In this lesson, we'll learn how to encode structured data using VSA's core operations: binding (for associations) and bundling (for aggregation).


Dictionary Encoding: Key-Value Pairs

The Problem: Structured Records

How do we encode a person with multiple attributes?

person = {
    "name": "Alice",
    "age": 30,
    "city": "NYC"
}

Naive bundling (wrong!):

# BAD: Loses key-value associations
person_hv = model.opset.bundle(
    memory["Alice"].vec,
    memory["30"].vec,
    memory["NYC"].vec
)
# Can't tell which value belongs to which key!

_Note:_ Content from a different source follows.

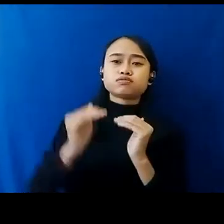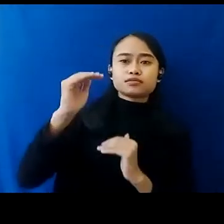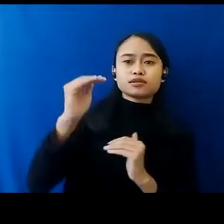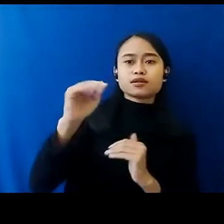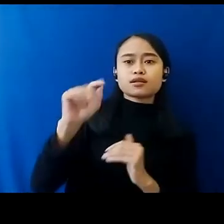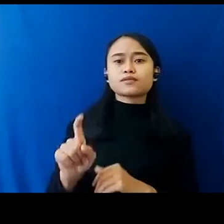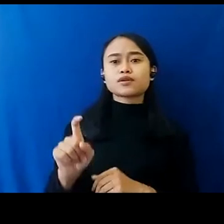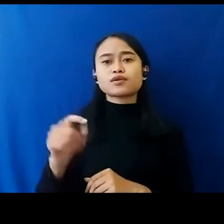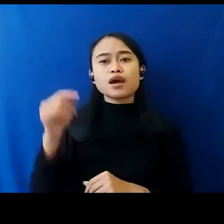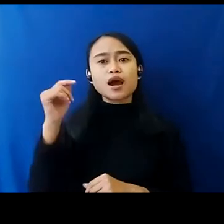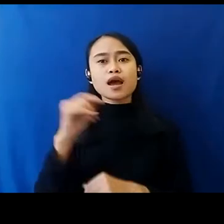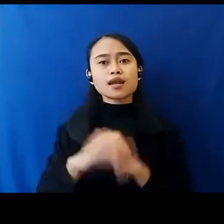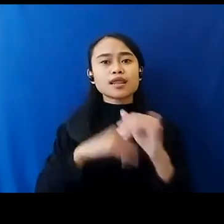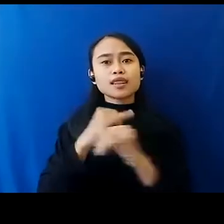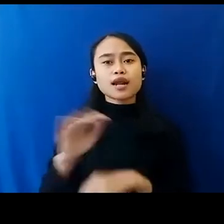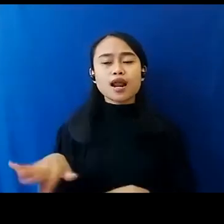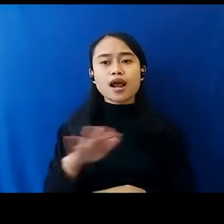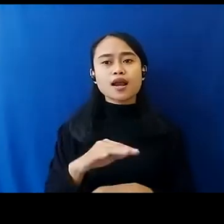Hal Ini Tentunya

Correct approach (role-filler binding):

# GOOD: Bind each key (role) with its value (filler)
name_pair = model.opset.bind(memory["name"].vec, memory["Alice"].vec)
age_pair = model.opset.bind(memory["age"].vec, memory["30"].vec)
city_pair = model.opset.bind(memory["city"].vec, memory["NYC"].vec)

# Bundle all key-value pairs
person_hv = model.opset.bundle(name_pair, age_pair, city_pair)
# Now can query: "What is the name?" by unbinding


DictEncoder: Basic Usage

DictEncoder automates role-filler binding for dictionaries:

from vsax import create_fhrr_model, VSAMemory, DictEncoder

model = create_fhrr_model(dim=2048)
memory = VSAMemory(model)

# Add all symbols (keys and values)
memory.add_many(["name", "age", "city", "Alice", "30", "NYC"])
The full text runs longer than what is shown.